Kory DeShaun Minor (born December 14, 1976) is a former American football linebacker. He played 30 games in four seasons for the Carolina Panthers. Minor was an outside linebacker at Notre Dame from 1995–1998, while recording 245 tackles (43.5 for loss) and five interceptions. He was a seventh-round pick in the 1999 NFL Draft, selected 234th overall by the San Francisco 49ers.

A native of Inglewood, California, Minor attended Bishop Amat High School in La Puente, California, where he was a teammate of Daylon McCutcheon. He had 20 ½ sacks as a senior while earning consensus All-America notice and being named Defensive Player of the Year by USA Today. 

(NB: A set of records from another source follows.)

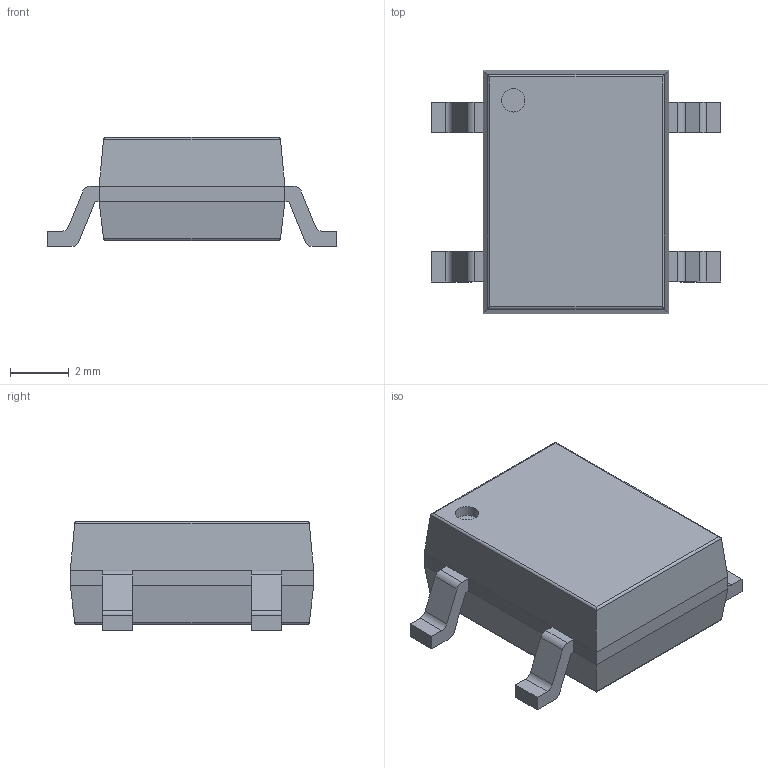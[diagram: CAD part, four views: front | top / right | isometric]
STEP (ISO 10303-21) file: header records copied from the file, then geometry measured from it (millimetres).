
FILE_DESCRIPTION(('FreeCAD Model'),'2;1');
FILE_NAME('872509.1.1.stp','2022-04-20T13:27:37',( 'Author'),(''),'Open CASCADE STEP processor 6.9','FreeCAD','Unknown' );
FILE_SCHEMA(('AUTOMOTIVE_DESIGN { 1 0 10303 214 1 1 1 1 }'));
Length unit declared in the file: millimetre
Products named in the file (3): ASSEMBLY; Body; PinsArrayLR
Assembly tree (2 placements, depth 2):
  ASSEMBLY
    Body
    PinsArrayLR
Bounding box: 9.9 x 8.32 x 3.73 mm (x, y, z)
Volume: 185.4 mm3; surface area: 237.3 mm2
Topology: 5 solids, 5 shells, 76 faces, 179 edges, 114 vertices
Faces by surface type: plane 55, cylinder 21
Full cylindrical faces by diameter (mm): 0.794 x1
Entity records: 4683 total; most frequent: CARTESIAN_POINT 942, DIRECTION 689, LINE 449, VECTOR 449, ORIENTED_EDGE 358, PCURVE 358, DEFINITIONAL_REPRESENTATION 358, EDGE_CURVE 179
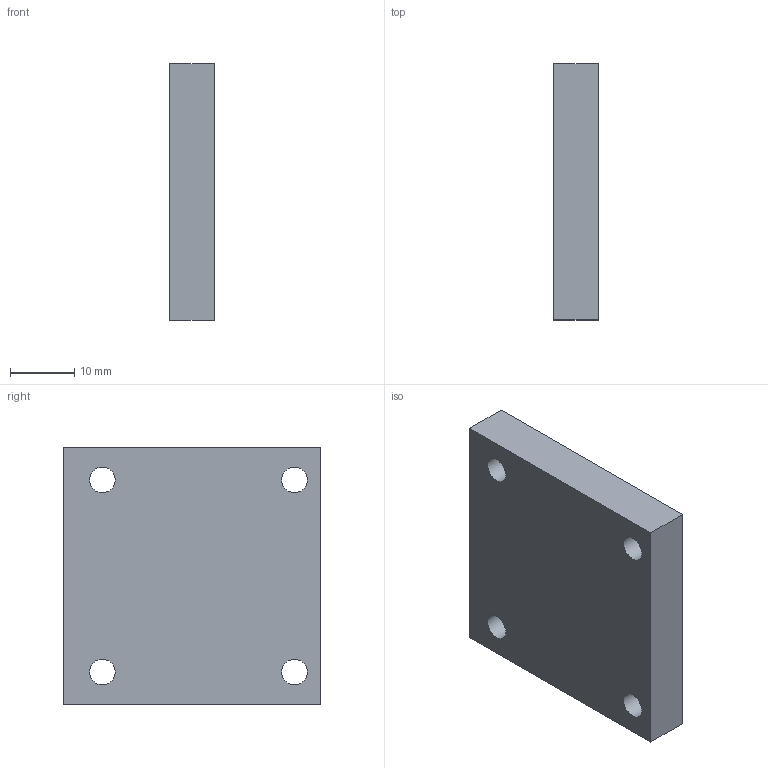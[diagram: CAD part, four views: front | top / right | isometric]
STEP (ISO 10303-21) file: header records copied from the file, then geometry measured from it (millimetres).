
FILE_DESCRIPTION(/* description */ (''),/* implementation_level */ '2;1');
FILE_NAME(/* name */ 'Bearing_holder v1.step',/* time_stamp */ '2025-06-16T07:28:51+02:00',/* author */ (''),/* organization */ (''),/* preprocessor_version */ 'ST-DEVELOPER v20.1',/* originating_system */ 'Autodesk Translation Framework v14.10.0.0',/* authorisation */ '');
FILE_SCHEMA (('AUTOMOTIVE_DESIGN { 1 0 10303 214 3 1 1 }'));
Length unit declared in the file: millimetre
Products named in the file (1): Bearing_holder
Bounding box: 7 x 40 x 40 mm (x, y, z)
Volume: 9666.2 mm3; surface area: 4781.6 mm2
Topology: 1 solids, 1 shells, 13 faces, 29 edges, 19 vertices
Faces by surface type: plane 7, cylinder 5, cone 1
Full cylindrical faces by diameter (mm): 4 x4, 16.2 x1
Entity records: 415 total; most frequent: DIRECTION 68, CARTESIAN_POINT 62, ORIENTED_EDGE 58, EDGE_CURVE 29, AXIS2_PLACEMENT_3D 25, EDGE_LOOP 22, VERTEX_POINT 19, LINE 18

Minor is a former owner of multiple Domino's Pizza franchises in California. In the summer of 2009, he began appearing in Domino's American Legends pizza commercials. He promotes the Cali Chicken Bacon Ranch pizza in a face off against the Memphis BBQ Chicken pizza, whose promoter suggests that Minor "put some South in his mouth."

After selling his franchises, Minor founded Kory Minor Industries which is a training and development company for individuals and organizations specializing in helping clients to "Get Off the Sideline and Get Into the Game by fostering the concept of WINNING."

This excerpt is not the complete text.